Using advocacy to advance ACS policy priorities for surgeons and their patients

It is essential that surgeons be politically active and serve as advocates for their patients and their profession. This article provides an overview of the legislative and political process and describes the role of the American College of Surgeons (ACS) Division of Advocacy and Health Policy (DAHP) and the actions it takes to represent surgeons and surgical patients in Washington, DC.

How a bill becomes a law

Any senator or representative may introduce a bill by filing it with the Clerk of the Senate or the House of Representatives. Once a bill is submitted, the Clerk assigns it a bill number and sends it to the committee(s) of jurisdiction. Most health care authorization legislation falls within the purview of four committees: House Energy and Commerce; House Ways and Means; Senate Finance; and Senate Health, Education, Labor, and Pensions (HELP). After a bill is referred to a committee, it is subject to hearings and markups.
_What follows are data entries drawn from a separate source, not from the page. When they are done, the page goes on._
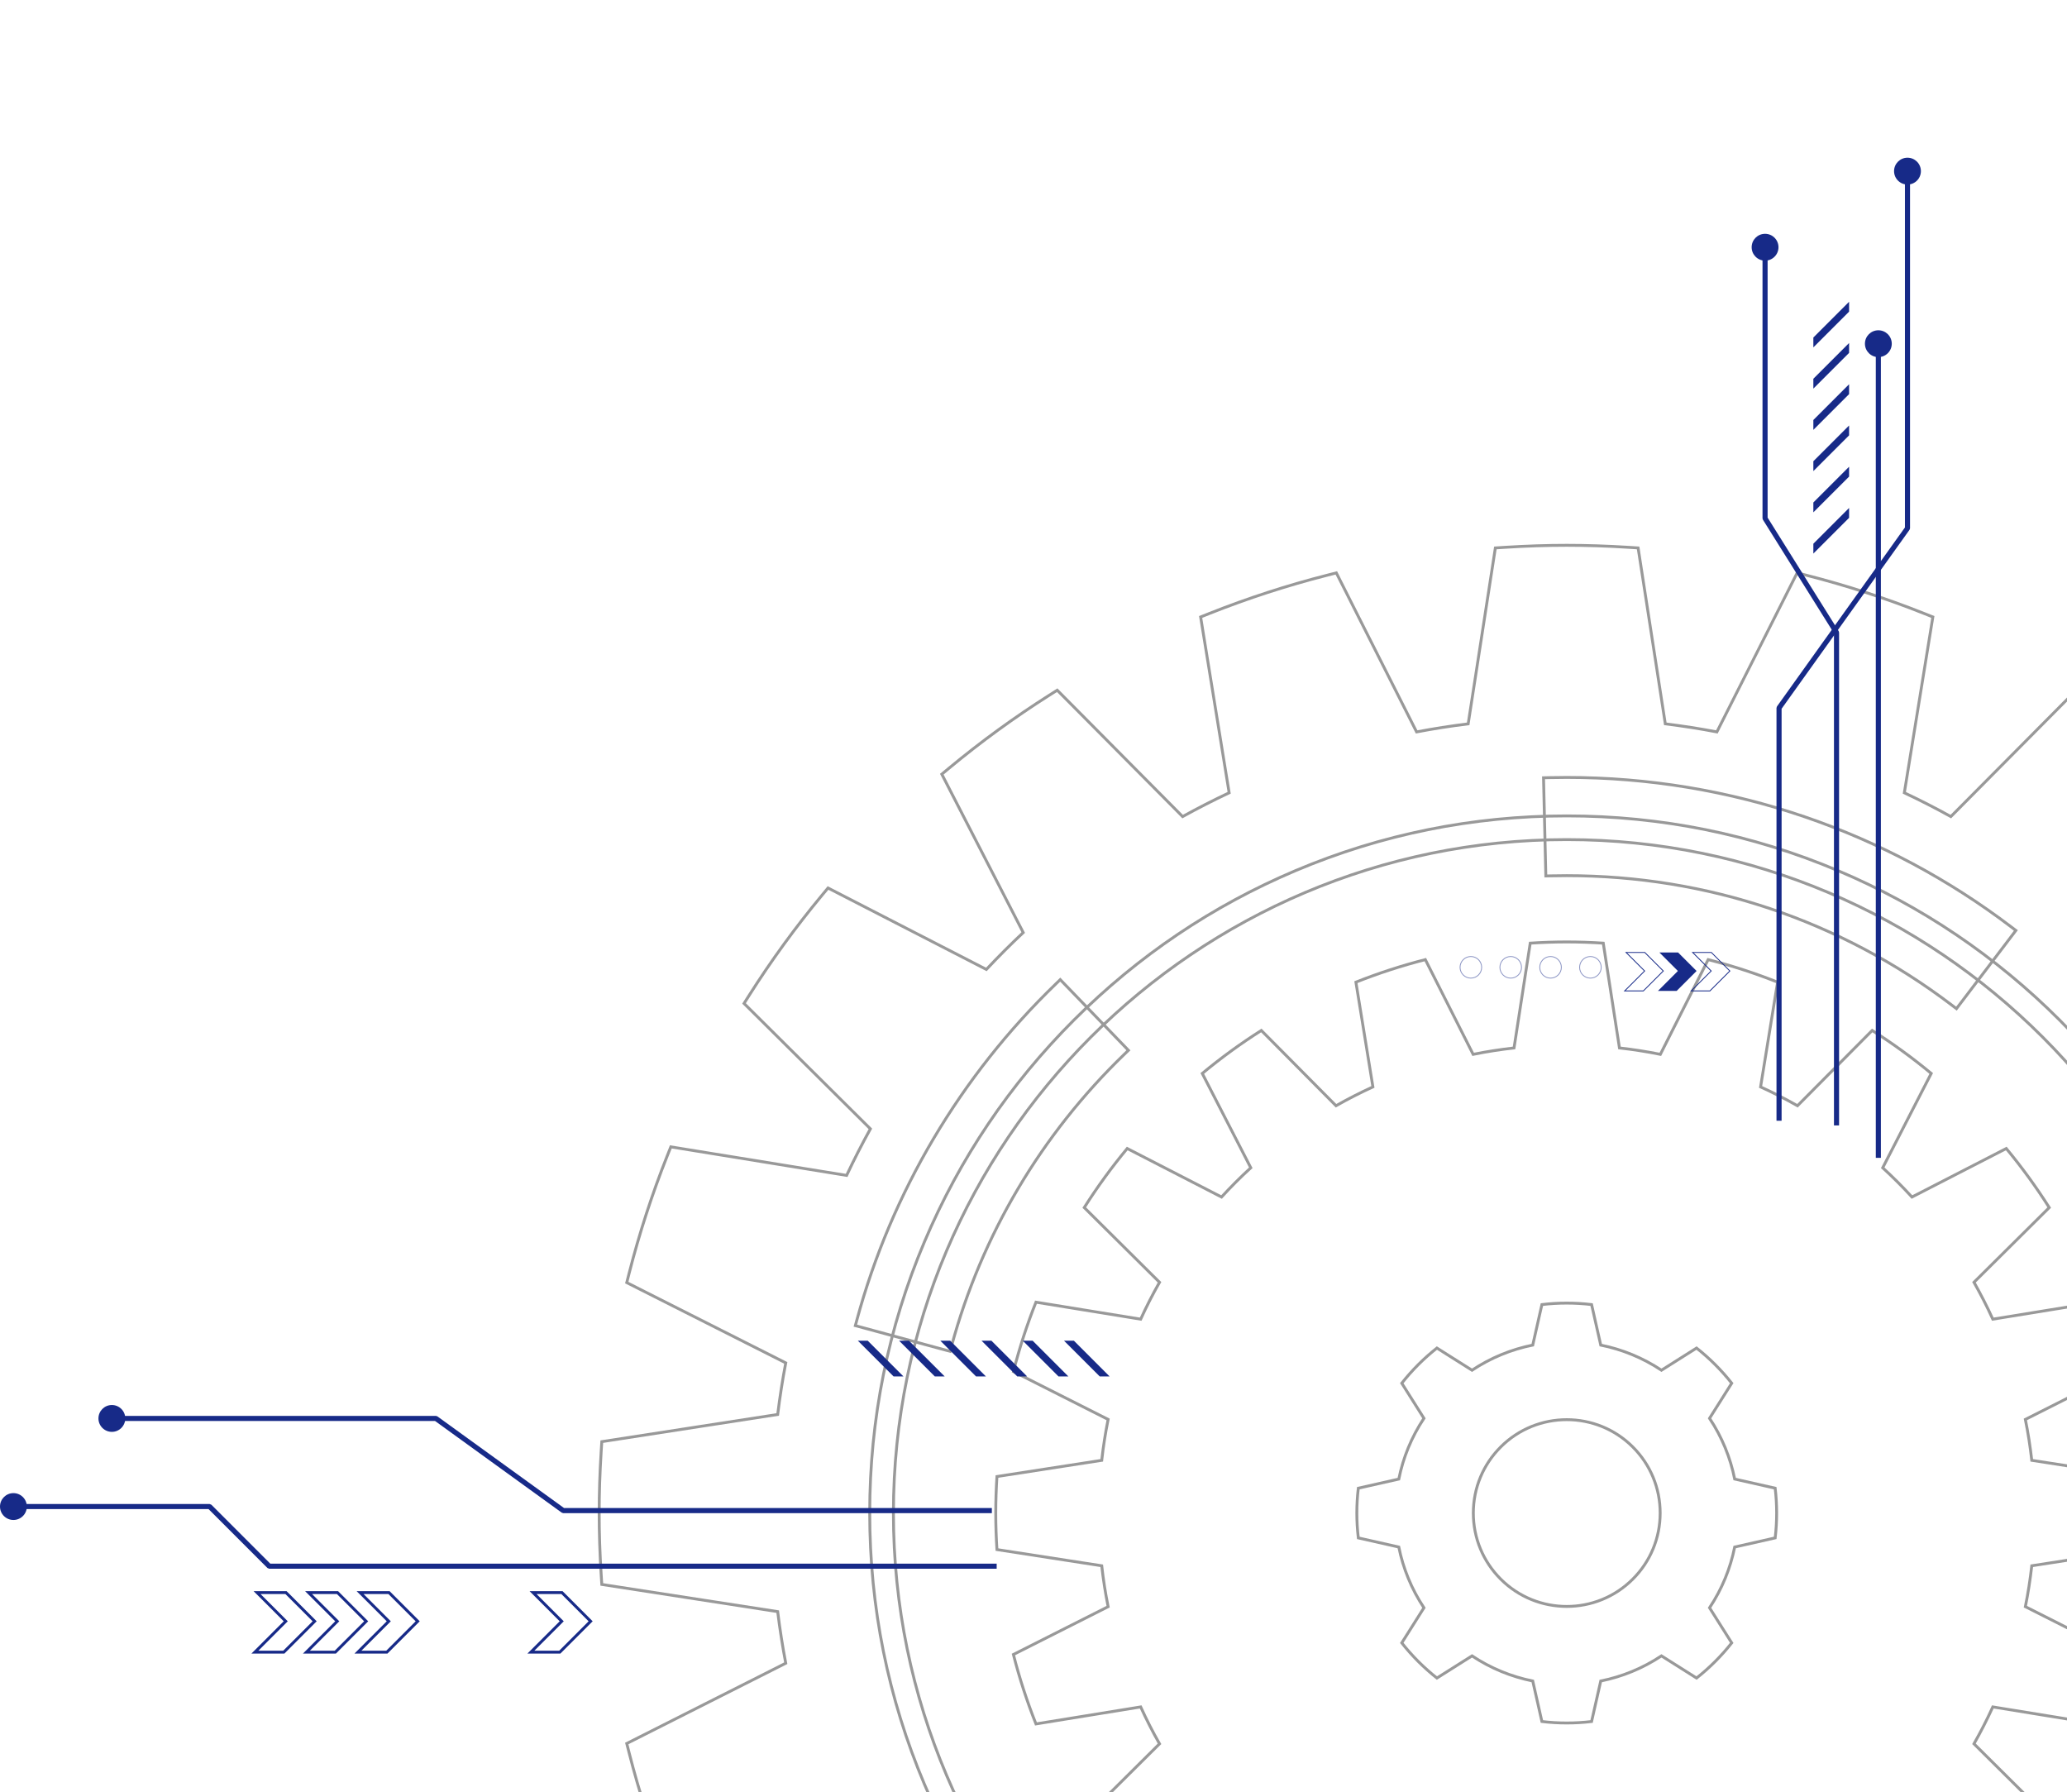 <svg width="721" height="625" viewBox="0 0 721 625" fill="none" xmlns="http://www.w3.org/2000/svg">
<path d="M619.206 519.009L605.082 515.819C603.584 508.382 600.662 501.176 596.315 494.636L604.048 482.393C602.273 480.145 600.35 477.977 598.277 475.903C596.205 473.831 594.035 471.909 591.788 470.134L579.544 477.866C573.005 473.517 565.798 470.597 558.361 469.099L555.172 454.975C549.416 454.29 543.594 454.286 537.838 454.972L534.647 469.099C527.21 470.597 520.002 473.518 513.463 477.866L501.219 470.134C498.972 471.909 496.803 473.831 494.73 475.903C492.657 477.977 490.735 480.145 488.959 482.393L496.692 494.637C492.344 501.177 489.422 508.384 487.925 515.822L473.798 519.012C473.112 524.768 473.116 530.591 473.801 536.347L487.925 539.536C489.424 546.972 492.346 554.179 496.692 560.718L488.959 572.961C490.735 575.209 492.657 577.379 494.73 579.451C496.803 581.525 498.972 583.447 501.219 585.222L513.463 577.489C520.002 581.837 527.209 584.758 534.645 586.256L537.835 600.38C543.591 601.066 549.412 601.069 555.169 600.384L558.361 586.256C565.797 584.758 573.004 581.837 579.544 577.489L591.788 585.222C594.035 583.447 596.205 581.525 598.277 579.451C600.35 577.379 602.273 575.209 604.048 572.961L596.315 560.719C600.664 554.179 603.584 546.971 605.082 539.534L619.209 536.343C619.895 530.587 619.891 524.765 619.206 519.009Z" stroke="#999999" stroke-miterlimit="10"/>
<path d="M546.504 560.246C538.159 560.246 529.816 557.071 523.464 550.718C517.309 544.563 513.92 536.38 513.92 527.677C513.92 518.973 517.309 510.79 523.464 504.636C536.169 491.932 556.84 491.932 569.545 504.636C575.7 510.79 579.088 518.973 579.088 527.677C579.088 536.38 575.699 544.564 569.545 550.718C563.194 557.069 554.847 560.246 546.504 560.246Z" stroke="#999999" stroke-miterlimit="10"/>
<path d="M745.258 540.415C745.524 536.202 745.675 531.958 745.675 527.677C745.675 523.398 745.525 519.153 745.258 514.94L708.709 509.292C708.167 504.471 707.427 499.711 706.475 495.027L739.515 478.349C737.401 470.058 734.767 461.975 731.651 454.135L695.122 460.063C693.118 455.666 690.923 451.375 688.55 447.198L714.806 421.14C710.245 413.949 705.238 407.07 699.82 400.544L666.917 417.464C663.668 413.917 660.264 410.514 656.717 407.265L673.638 374.361C667.111 368.943 660.232 363.937 653.042 359.376L626.984 385.632C622.807 383.259 618.516 381.064 614.119 379.06L620.046 342.53C612.207 339.414 604.123 336.78 595.832 334.667L579.155 367.705C574.47 366.755 569.711 366.013 564.89 365.473L559.242 328.922C555.029 328.657 550.785 328.505 546.504 328.505C542.223 328.505 537.979 328.656 533.766 328.922L528.118 365.473C523.296 366.013 518.538 366.755 513.853 367.705L497.176 334.667C488.883 336.78 480.8 339.414 472.962 342.53L478.889 379.06C474.492 381.064 470.201 383.259 466.024 385.631L439.966 359.376C432.776 363.937 425.897 368.943 419.37 374.361L436.291 407.265C432.744 410.514 429.34 413.918 426.091 417.464L393.187 400.544C387.77 407.07 382.763 413.95 378.201 421.14L404.457 447.198C402.085 451.375 399.89 455.666 397.886 460.063L361.357 454.135C358.24 461.975 355.606 470.058 353.493 478.349L386.531 495.027C385.581 499.711 384.84 504.471 384.299 509.292L347.749 514.94C347.483 519.153 347.332 523.398 347.332 527.677C347.332 531.958 347.482 536.202 347.749 540.415L384.299 546.064C384.84 550.885 385.581 555.644 386.531 560.328L353.493 577.006C355.606 585.298 358.24 593.38 361.357 601.22L397.886 595.293C399.89 599.69 402.086 603.98 404.457 608.158L378.201 634.216C382.763 641.406 387.77 648.285 393.187 654.812L426.091 637.89C429.34 641.439 432.744 644.842 436.291 648.09L419.37 680.994C425.897 686.412 432.776 691.419 439.966 695.98L466.024 669.725C470.201 672.096 474.492 674.292 478.889 676.295L472.962 712.825C480.8 715.942 488.884 718.576 497.176 720.688L513.853 687.65C518.538 688.601 523.297 689.342 528.118 689.883L533.766 726.433C537.979 726.698 542.223 726.85 546.504 726.85C550.785 726.85 555.029 726.699 559.242 726.433L564.89 689.883C569.711 689.342 574.47 688.601 579.155 687.65L595.832 720.688C604.124 718.576 612.207 715.942 620.046 712.825L614.119 676.295C618.516 674.292 622.807 672.096 626.984 669.725L653.042 695.98C660.232 691.419 667.111 686.412 673.638 680.994L656.717 648.09C660.265 644.842 663.668 641.438 666.917 637.89L699.82 654.812C705.238 648.285 710.245 641.406 714.806 634.216L688.55 608.158C690.924 603.981 693.118 599.69 695.122 595.293L731.651 601.22C734.768 593.38 737.402 585.297 739.515 577.006L706.475 560.328C707.427 555.644 708.167 550.884 708.709 546.064L745.258 540.415Z" stroke="#999999" stroke-miterlimit="10"/>
<path d="M546.503 865.181C539.601 865.181 532.341 864.944 524.923 864.475L521.605 864.266L512.123 802.912C506.04 802.161 500.011 801.219 494.131 800.098L466.134 855.561L462.92 854.741C449.026 851.201 435.219 846.718 421.883 841.416L418.798 840.19L428.747 778.867C423.281 776.298 417.844 773.52 412.517 770.576L368.774 814.649L365.967 812.869C353.834 805.172 342.094 796.63 331.068 787.477L328.513 785.357L356.919 730.123C352.503 725.985 348.194 721.676 344.058 717.262L288.824 745.667L286.704 743.114C277.552 732.09 269.008 720.348 261.312 708.214L259.531 705.407L303.605 661.663C300.66 656.337 297.882 650.898 295.315 645.434L233.991 655.383L232.764 652.298C227.464 638.965 222.98 625.158 219.439 611.262L218.62 608.046L274.081 580.049C272.962 574.172 272.019 568.144 271.269 562.057L209.916 552.576L209.706 549.258C209.237 541.844 209 534.583 209 527.678C209 520.772 209.237 513.511 209.706 506.097L209.916 502.779L271.269 493.298C272.02 487.211 272.962 481.184 274.081 475.306L218.62 447.309L219.439 444.094C222.98 430.199 227.463 416.393 232.764 403.058L233.991 399.972L295.315 409.922C297.882 404.458 300.659 399.021 303.605 393.693L259.531 349.949L261.312 347.141C269.009 335.008 277.552 323.267 286.704 312.242L288.824 309.688L344.058 338.093C348.195 333.679 352.504 329.369 356.919 325.233L328.513 269.999L331.068 267.879C342.092 258.727 353.834 250.183 365.966 242.487L368.773 240.706L412.517 284.78C417.839 281.837 423.277 279.059 428.746 276.489L418.798 215.166L421.882 213.939C435.222 208.636 449.028 204.153 462.919 200.615L466.133 199.795L494.13 255.257C500.01 254.136 506.041 253.194 512.123 252.444L521.604 191.09L524.921 190.88C532.338 190.412 539.6 190.175 546.502 190.175C553.405 190.175 560.666 190.412 568.083 190.88L571.4 191.09L580.882 252.444C586.965 253.194 592.993 254.136 598.874 255.257L626.872 199.795L630.086 200.615C643.977 204.154 657.783 208.636 671.122 213.939L674.207 215.166L664.259 276.489C669.724 279.058 675.162 281.837 680.488 284.78L724.231 240.707L727.038 242.487C739.169 250.182 750.911 258.725 761.937 267.879L764.492 269.999L736.086 325.233C740.5 329.37 744.809 333.678 748.947 338.093L804.181 309.688L806.301 312.242C815.456 323.27 823.999 335.011 831.693 347.141L833.474 349.949L789.4 393.693C792.346 399.021 795.124 404.458 797.691 409.922L859.015 399.972L860.241 403.058C865.543 416.394 870.026 430.201 873.566 444.094L874.386 447.309L818.923 475.306C820.043 481.182 820.985 487.209 821.735 493.298L883.09 502.779L883.299 506.097C883.768 513.511 884.005 520.772 884.005 527.678C884.005 534.583 883.768 541.844 883.299 549.258L883.09 552.576L821.736 562.057C820.986 568.14 820.043 574.169 818.923 580.049L874.386 608.046L873.566 611.262C870.025 625.155 865.542 638.962 860.241 652.298L859.015 655.383L797.691 645.434C795.123 650.901 792.344 656.337 789.4 661.663L833.474 705.407L831.693 708.214C823.997 720.347 815.454 732.088 806.301 743.114L804.181 745.667L748.947 717.262C744.81 721.677 740.5 725.986 736.086 730.123L764.492 785.357L761.937 787.477C750.911 796.631 739.169 805.174 727.039 812.869L724.232 814.649L680.488 770.576C675.163 773.52 669.724 776.298 664.259 778.867L674.208 840.19L671.123 841.416C657.787 846.718 643.981 851.202 630.087 854.741L626.872 855.561L598.875 800.098C592.994 801.219 586.965 802.161 580.882 802.912L571.401 864.266L568.083 864.475C560.666 864.943 553.405 865.181 546.503 865.181ZM546.503 770.809C513.682 770.809 481.841 764.38 451.864 751.702C422.911 739.455 396.91 721.925 374.582 699.598C352.255 677.271 334.724 651.269 322.478 622.317C309.799 592.339 303.37 560.498 303.37 527.677C303.37 494.856 309.799 463.015 322.478 433.038C334.724 404.085 352.255 378.085 374.582 355.756C396.909 333.429 422.911 315.898 451.864 303.653C481.841 290.974 513.682 284.545 546.503 284.545C579.324 284.545 611.165 290.974 641.143 303.653C670.095 315.898 696.096 333.429 718.424 355.756C740.751 378.084 758.281 404.085 770.528 433.038C783.206 463.015 789.635 494.856 789.635 527.677C789.635 560.498 783.206 592.339 770.528 622.317C758.281 651.269 740.751 677.27 718.424 699.598C696.097 721.925 670.095 739.455 641.143 751.702C611.166 764.38 579.324 770.809 546.503 770.809ZM546.503 292.813C416.998 292.813 311.639 398.172 311.639 527.677C311.639 657.182 416.998 762.541 546.503 762.541C676.008 762.541 781.367 657.182 781.367 527.677C781.367 398.172 676.008 292.813 546.503 292.813Z" stroke="#999999" stroke-miterlimit="10"/>
<path d="M682.44 351.77L680.873 350.578C641.971 321.013 595.507 305.385 546.503 305.385C544.731 305.385 542.94 305.406 541.179 305.448L539.21 305.495L538.404 271.25L540.373 271.204C542.403 271.156 544.465 271.131 546.503 271.131C575.008 271.131 603.015 275.778 629.745 284.943C655.587 293.803 679.763 306.71 701.6 323.307L703.167 324.498L682.44 351.77Z" stroke="#999999" stroke-miterlimit="10"/>
<path d="M331.417 471.277L298.355 462.318L298.869 460.417C310.949 415.846 334.997 375.249 368.417 343.014L369.833 341.647L393.614 366.301L392.197 367.668C363.231 395.607 342.392 430.778 331.931 469.377L331.417 471.277Z" stroke="#999999" stroke-miterlimit="10"/>
<path d="M387.048 480.034L374.583 467.569H371.137L383.604 480.034H387.048Z" fill="#172A88"/>
<path d="M372.665 480.034L360.2 467.569H356.754L369.221 480.034H372.665Z" fill="#172A88"/>
<path d="M358.285 480.034L345.82 467.569H342.373L354.84 480.034H358.285Z" fill="#172A88"/>
<path d="M343.903 480.034L331.437 467.569H327.99L340.459 480.034H343.903Z" fill="#172A88"/>
<path d="M329.519 480.034L317.054 467.569H313.607L326.076 480.034H329.519Z" fill="#172A88"/>
<path d="M315.138 480.034L302.673 467.569H299.227L311.694 480.034H315.138Z" fill="#172A88"/>
<g opacity="0.5">
<path d="M513.056 333.734C511.059 333.734 509.435 335.358 509.435 337.355C509.435 339.352 511.059 340.976 513.056 340.976C515.053 340.976 516.677 339.352 516.677 337.355C516.677 335.358 515.053 333.734 513.056 333.734ZM513.056 341.272C510.896 341.272 509.139 339.515 509.139 337.355C509.139 335.194 510.896 333.437 513.056 333.437C515.216 333.437 516.974 335.195 516.974 337.355C516.974 339.515 515.216 341.272 513.056 341.272Z" fill="#172A88"/>
<path d="M526.956 333.734C524.959 333.734 523.335 335.358 523.335 337.355C523.335 339.352 524.959 340.976 526.956 340.976C528.953 340.976 530.577 339.352 530.577 337.355C530.577 335.358 528.953 333.734 526.956 333.734ZM526.956 341.272C524.796 341.272 523.039 339.515 523.039 337.355C523.039 335.194 524.796 333.437 526.956 333.437C529.117 333.437 530.874 335.195 530.874 337.355C530.874 339.515 529.117 341.272 526.956 341.272Z" fill="#172A88"/>
<path d="M540.856 333.734C538.859 333.734 537.235 335.358 537.235 337.355C537.235 339.352 538.859 340.976 540.856 340.976C542.853 340.976 544.478 339.352 544.478 337.355C544.478 335.358 542.853 333.734 540.856 333.734ZM540.856 341.272C538.696 341.272 536.939 339.515 536.939 337.355C536.939 335.194 538.697 333.437 540.856 333.437C543.016 333.437 544.774 335.195 544.774 337.355C544.774 339.515 543.017 341.272 540.856 341.272Z" fill="#172A88"/>
<path d="M554.759 333.734C552.762 333.734 551.138 335.358 551.138 337.355C551.138 339.352 552.762 340.976 554.759 340.976C556.756 340.976 558.38 339.352 558.38 337.355C558.38 335.358 556.756 333.734 554.759 333.734ZM554.759 341.272C552.599 341.272 550.842 339.515 550.842 337.355C550.842 335.194 552.6 333.437 554.759 333.437C556.919 333.437 558.676 335.195 558.676 337.355C558.676 339.515 556.919 341.272 554.759 341.272Z" fill="#172A88"/>
</g>
<path d="M632.523 193.063L644.988 180.598V177.151L632.523 189.62V193.063Z" fill="#172A88"/>
<path d="M632.523 178.682L644.988 166.217V162.771L632.523 175.238V178.682Z" fill="#172A88"/>
<path d="M632.523 164.3L644.988 151.835V148.388L632.523 160.856V164.3Z" fill="#172A88"/>
<path d="M632.523 149.918L644.988 137.453V134.006L632.523 146.474V149.918Z" fill="#172A88"/>
<path d="M632.523 135.536L644.988 123.071V119.624L632.523 132.092V135.536Z" fill="#172A88"/>
<path d="M632.523 121.154L644.988 108.689V105.242L632.523 117.711V121.154Z" fill="#172A88"/>
<path d="M656.085 119.63H654.307V403.799H656.085V119.63Z" fill="#172A88"/>
<path d="M655.196 124.544C657.782 124.544 659.877 122.449 659.877 119.864C659.877 117.278 657.782 115.183 655.196 115.183C652.611 115.183 650.516 117.278 650.516 119.864C650.516 122.449 652.611 124.544 655.196 124.544Z" fill="#172A88"/>
<path d="M641.494 392.485H639.715V220.84L614.927 181.246L614.791 180.774V85.987H616.569V180.519L641.358 220.112L641.494 220.584V392.485Z" fill="#172A88"/>
<path d="M615.681 90.902C618.267 90.902 620.363 88.806 620.363 86.221C620.363 83.635 618.267 81.54 615.681 81.54C613.096 81.54 611 83.635 611 86.221C611 88.806 613.096 90.902 615.681 90.902Z" fill="#172A88"/>
<path d="M621.447 390.862H619.668V246.893L619.834 246.375L664.468 183.952V59.447H666.246V184.237L666.08 184.754L621.447 247.178V390.862Z" fill="#172A88"/>
<path d="M665.357 64.363C667.943 64.363 670.038 62.267 670.038 59.682C670.038 57.096 667.943 55.001 665.357 55.001C662.772 55.001 660.676 57.096 660.676 59.682C660.676 62.267 662.772 64.363 665.357 64.363Z" fill="#172A88"/>
<path d="M596.512 345.725H589.574L596.672 338.629L590.062 332.021H597L603.607 338.629L596.512 345.725ZM590.29 345.428H596.389L603.189 338.628L596.878 332.316H590.779L597.092 338.628L590.29 345.428Z" fill="#172A88"/>
<path d="M591.789 338.629L584.84 345.577H578.322L585.272 338.629L578.811 332.17H585.329L591.789 338.629Z" fill="#172A88"/>
<path d="M573.292 345.725H566.355L573.453 338.629L566.844 332.021H573.781L580.389 338.629L573.292 345.725ZM567.072 345.428H573.171L579.971 338.628L573.659 332.316H567.56L573.873 338.628L567.072 345.428Z" fill="#172A88"/>
<path d="M206.026 565.424L195.271 576.179H185.182L195.939 565.424L185.938 555.425H196.027L206.026 565.424Z" stroke="#172A88" stroke-miterlimit="10"/>
<path d="M145.7 565.424L134.944 576.179H124.855L135.613 565.424L125.612 555.425H135.701L145.7 565.424Z" stroke="#172A88" stroke-miterlimit="10"/>
<path d="M127.729 565.424L116.974 576.179H106.885L117.642 565.424L107.641 555.425H117.73L127.729 565.424Z" stroke="#172A88" stroke-miterlimit="10"/>
<path d="M109.76 565.424L99.006 576.179H88.916L99.674 565.424L89.673 555.425H99.762L109.76 565.424Z" stroke="#172A88" stroke-miterlimit="10"/>
<path d="M345.972 527.71H196.464L195.942 527.541L151.752 495.571H38.787V493.792H152.04L152.561 493.961L196.752 525.931H345.972V527.71Z" fill="#172A88"/>
<path d="M39.021 499.363C41.606 499.363 43.702 497.267 43.702 494.681C43.702 492.096 41.606 490 39.021 490C36.436 490 34.34 492.096 34.34 494.681C34.34 497.267 36.436 499.363 39.021 499.363Z" fill="#172A88"/>
<path d="M347.654 547.098H93.91L93.282 546.837L72.745 526.301H4.447V524.522H73.114L73.742 524.782L94.279 545.319H347.654V547.098Z" fill="#172A88"/>
<path d="M4.681 530.093C7.267 530.093 9.363 527.997 9.363 525.412C9.363 522.826 7.267 520.73 4.681 520.73C2.096 520.73 0 522.826 0 525.412C0 527.997 2.096 530.093 4.681 530.093Z" fill="#172A88"/>
</svg>

A hearing involves invited guests and industry experts who testify on the potential effects of the legislation. The markup process allows for legislators to amend the legislation before voting on it. The vote after markup will determine whether a bill is voted out of committee, fails, or is returned to the committee for further development.

If a bill is successfully voted out of committee, it will either be referred to another committee of jurisdiction or advance to the full chamber for a vote if the House or Senate leadership decides to move the bill forward. Once a bill passes in the full chamber, it will advance to the other chamber, where the entire process is repeated. Assuming the same version passes the second chamber (versions can vary due to markups and amendments), the bill will continue to the president, who may either sign or veto the legislation. If the president vetoes the bill, Congress can override the veto with a two-thirds majority in both chambers.

If the House and Senate pass different versions of a bill, a conference committee is formed with members of the House and Senate to iron out the differences and create compromise language. This compromise language will then be subject to a vote by the full House and Senate.

Branches of government

The three branches of government are the executive branch (the president and his or her administration), the judicial branch (the U.S. Supreme Court and lower-level federal district courts), and the legislative branch (Congress). The responsibilities and authority of each are described as follows.

Executive branch

The president plays a significant role in setting the tone for a national legislative agenda but is limited as to what he or she can do without congressional approval. The president may issue executive orders, which are policy directives deemed to carry the full force of the law, and may sign or veto legislation.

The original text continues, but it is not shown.